Marea Socialista. Editorial nº 1/ 23/02/2015
Equipe Operativo Nacional de Marea Socialista | Quarta-feira, 24/02/2015

A frustrada tentativa de golpe vem para testar o nível a que se chegou a crise no país. À situação econômica, alarmante para a maioria do povo que vive do seu trabalho, se adiciona o impacto que tem no imaginário coletivo a ação golpista revelada em 12 de fevereiro último.

Uma intentona realizada por oficiais ativos da FANB (Força Armada Nacional Bolivariana) que contaria com a inspiração de parte destacada da direção política da direita local, como sugere a detenção do prefeito de Caracas Antonio Ledezma e com claro respaldo internacional dos Estados Unidos e seus subordinados do PP espanhol e da América do Sul. Assim se abriu uma fenda, queira-se ou não, em um elemento, talvez o último, que perdurava como base da estabilidade política: a certeza de que as forças armadas como um todo sustentavam o governo.

Mas confundir a dinâmica da situação com o momento concreto, ou seja, a fissura com a quebra total, pode ser o maior erro que se cometa na análise da situação. O governo do Presidente Maduro tem uma vantagem: ainda hoje, embora se desenvolvam, com velocidade vertiginosa uma série de condições, das quais a mais grave é a crise econômica, a situação está represada, ainda que esta vantagem esteja rodeada de um mar de confusões e de conflitos isolados. No entanto, a detenção de Ledezma, a volta de La Hojilla (N.T. programa da TV estatal que saiu do ar em 2013 por pressão da oposição da direita) e acusação em cima de Julio Borges e de María Corina Machado (NT: deputados da direita), mostram que estamos no início de uma nova conjuntura política.

Porque dizer que a situação está contida não significa que esteja quieta. Não é que com a revelação do golpe tenha terminado, é que começou uma batalha decisiva. E, neste caso, como nos primeiros minutos de uma luta de boxe, os atores sociais e políticos se estudam, fazem fintas, se movem, ameaçam lançar um golpe para estudar a reação do oponente e assim definir sua linha de combate. Por ora não está claro em qual cenário se dará o round decisivo desta conjuntura. Por isso qualquer situação pode apresentar-se. De todas as formas, parece que o mais provável, em todo caso o mais sensato, é que todos os cenários futuros deveriam passar primeiro pelas eleições legislativas deste ano.

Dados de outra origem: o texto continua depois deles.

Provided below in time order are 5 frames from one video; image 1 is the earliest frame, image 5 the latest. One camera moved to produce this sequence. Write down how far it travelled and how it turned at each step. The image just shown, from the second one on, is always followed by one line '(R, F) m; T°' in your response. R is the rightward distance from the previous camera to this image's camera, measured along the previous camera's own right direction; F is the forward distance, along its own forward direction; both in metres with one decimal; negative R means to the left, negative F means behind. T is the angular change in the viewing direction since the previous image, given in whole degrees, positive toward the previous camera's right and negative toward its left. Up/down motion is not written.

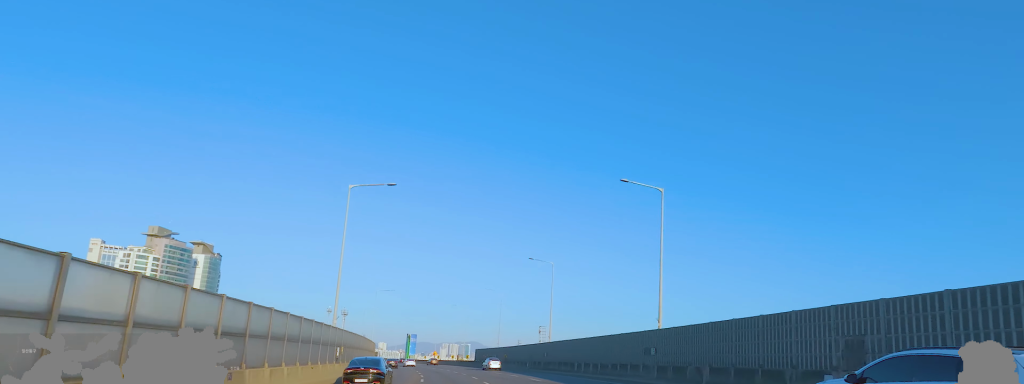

Partindo da perspectiva dos que defendemos o Processo Bolivariano, é tempo de pensar com a cabeça fria, debater as causas profundas que nos trouxeram aqui e definir os passos seguintes. Não é tempo de propaganda oca, vazia, tampouco de polarização eleitoreira. Trata-se de explicar pacientemente ao nosso povo as condições reais que hoje coloca a luta e de fazer as propostas para que, mudando o rumo atual, o governo aplique as políticas e as medidas de solução à crise que o povo perceba como corretas para defender seus direitos.

O debate na oposição: Duas táticas que confluem

A crise na oposição está assentada em uma diferença de política. E esse matiz é transversal aos partidos e formações que integram esse arco, não corresponde só a alguns partidos ou grupos. Ainda que alguns destes partidos ou dirigentes sejam a ponta-de-lança de cada uma das táticas.

Enquanto o setor com métodos mais contrarrevolucionários, mais radicalmente fascistoide, sustenta a necessidade de uma “saída” abrupta do governo, e a vem impulsionando, acompanhado pelo governo norte-americano e a ultra-direita continental, outros atores, todavia aparentemente majoritários entre os dirigentes opositores ao chavismo, desenham um rumo mais gradualista, de acumulação de forças e por ora eleitoral. Estas duas táticas na realidade expressam duas caras da mesma moeda.

Entretanto, crer que essas diferenças táticas são insuperáveis, ou que alguns desses setores é “pacífico ou democrático”, é ilusório. Eles, para além de suas diferenças, têm um acordo estratégico: os dois querem liquidar a Revolução, o Processo Bolivariano. Ambos buscam apagar da face da terra até a recordação do Legado de Chávez. Ou seja: as conquistas sociais, políticas, culturais e econômicas do Processo. E, sobretudo, pretendem apagar a ideia de Justiça Social que se logrou instalar na alma de nosso povo. Para isso contam ademais com o apoio internacional com a colaboração da direita interna aninhada no governo.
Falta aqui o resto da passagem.